### BRIEF
Print out each record below, unaltered and complete, without its images.

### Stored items
⟨
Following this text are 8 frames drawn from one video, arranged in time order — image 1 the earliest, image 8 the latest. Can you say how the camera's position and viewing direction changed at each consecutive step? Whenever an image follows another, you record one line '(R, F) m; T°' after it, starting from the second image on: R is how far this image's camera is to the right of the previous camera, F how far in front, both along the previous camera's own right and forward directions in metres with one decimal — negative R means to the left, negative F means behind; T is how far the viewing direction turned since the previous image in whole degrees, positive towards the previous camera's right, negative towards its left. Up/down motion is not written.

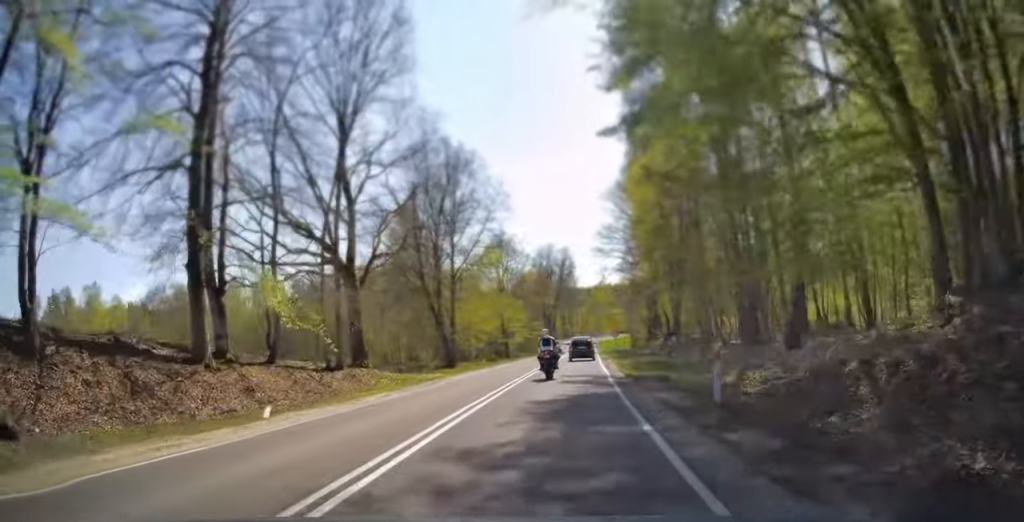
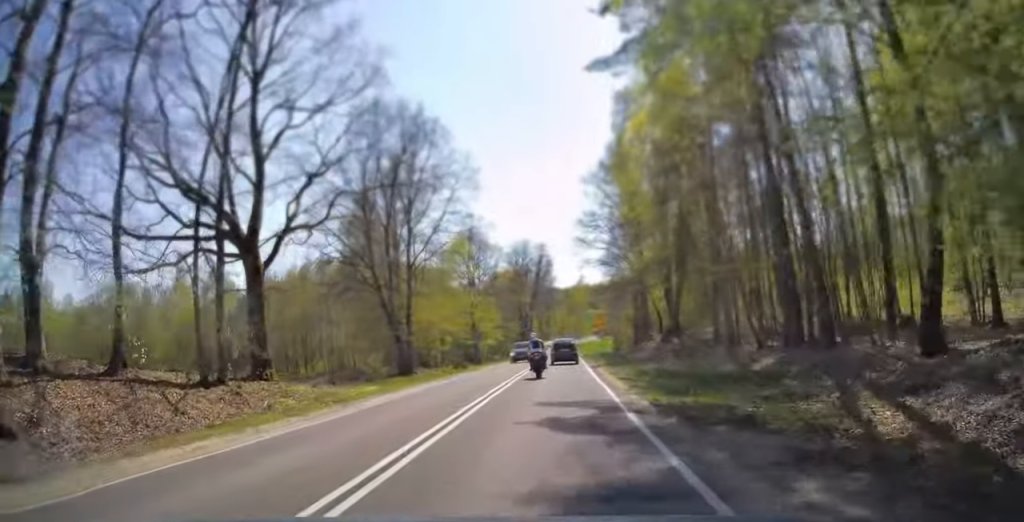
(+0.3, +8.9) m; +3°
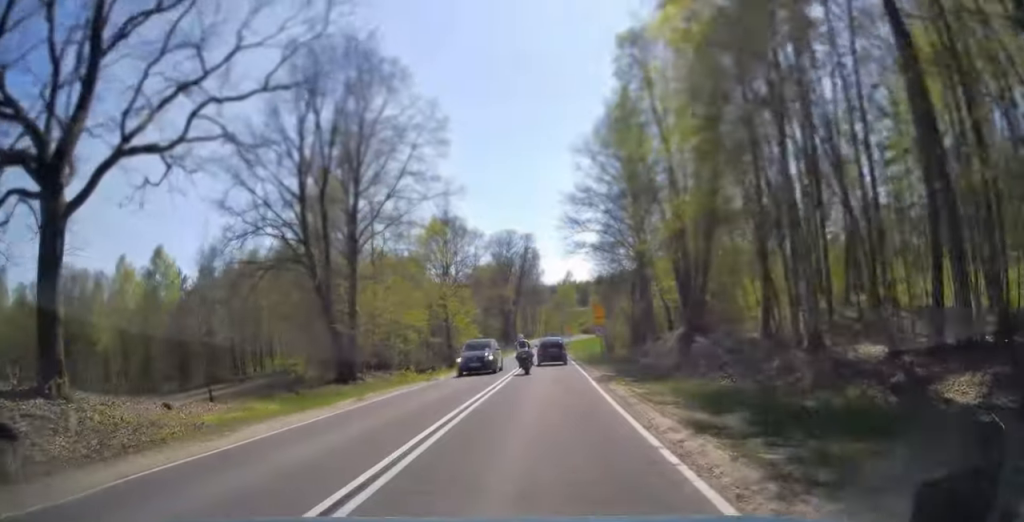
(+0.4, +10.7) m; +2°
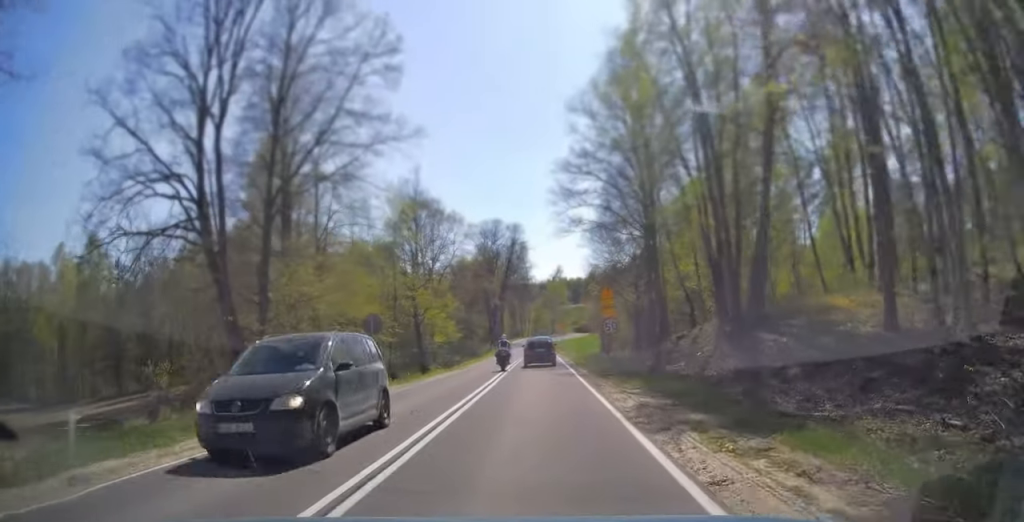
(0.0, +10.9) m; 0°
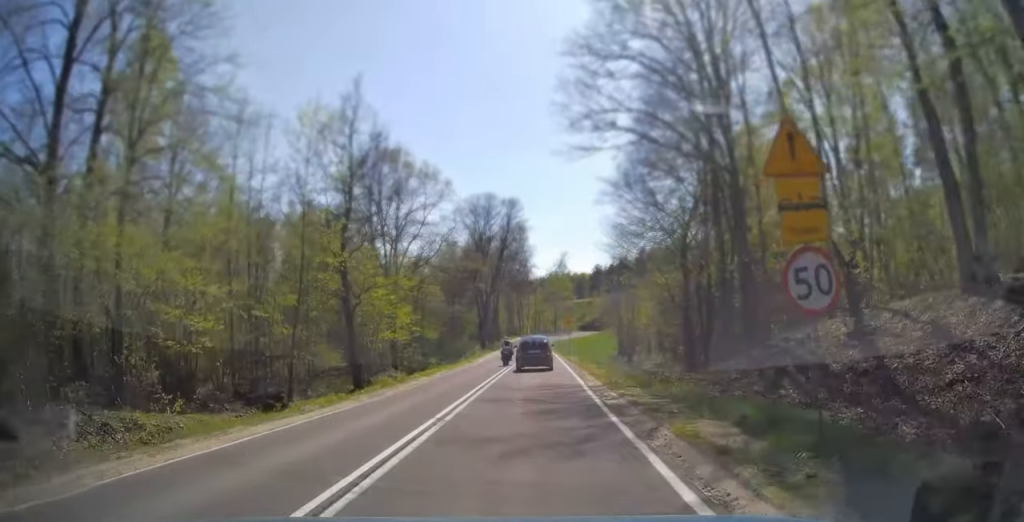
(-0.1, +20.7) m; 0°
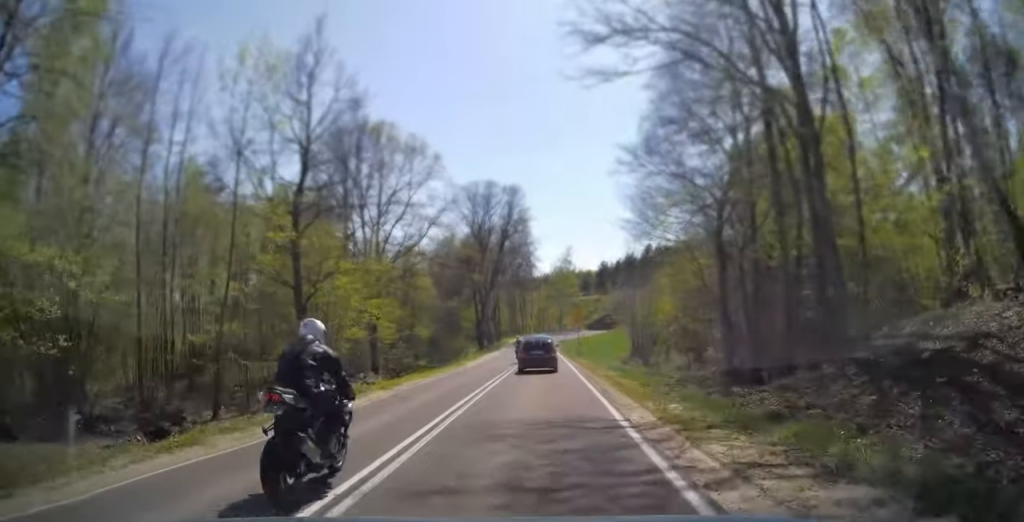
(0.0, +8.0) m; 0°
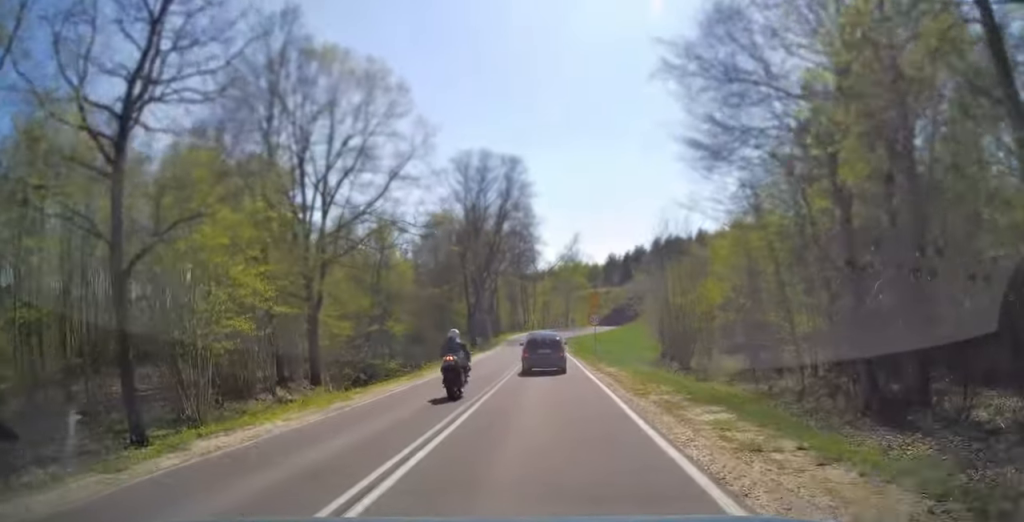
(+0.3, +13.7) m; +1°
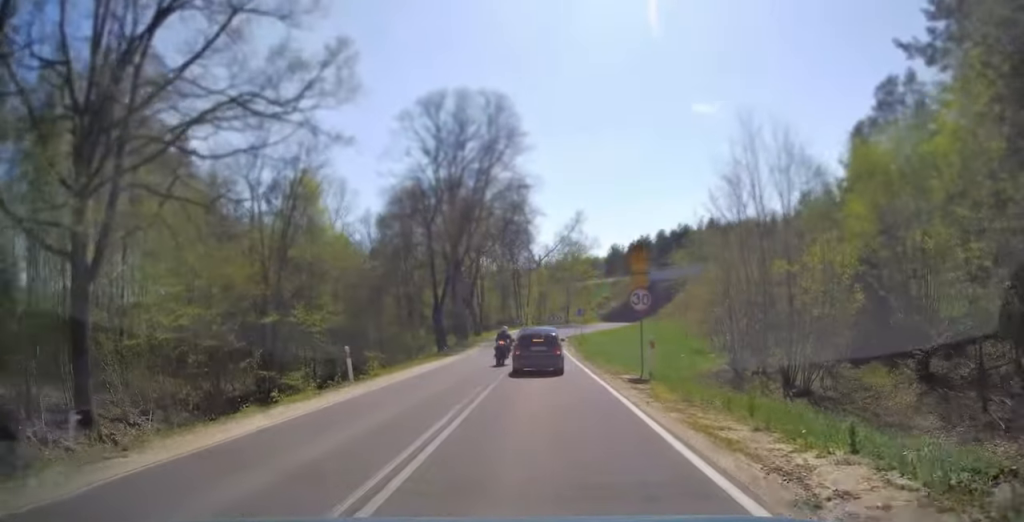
⟩
### SOLUTION TO THIS EXERCISE
Following this text are 8 frames drawn from one video, arranged in time order — image 1 the earliest, image 8 the latest. Can you say how the camera's position and viewing direction changed at each consecutive step? Whenever an image follows another, you record one line '(R, F) m; T°' after it, starting from the second image on: R is how far this image's camera is to the right of the previous camera, F how far in front, both along the previous camera's own right and forward directions in metres with one decimal — negative R means to the left, negative F means behind; T is how far the viewing direction turned since the previous image in whole degrees, positive towards the previous camera's right, negative towards its left. Up/down motion is not written.

(+0.3, +8.9) m; +3°
(+0.4, +10.7) m; +2°
(0.0, +10.9) m; 0°
(-0.1, +20.7) m; 0°
(0.0, +8.0) m; 0°
(+0.3, +13.7) m; +1°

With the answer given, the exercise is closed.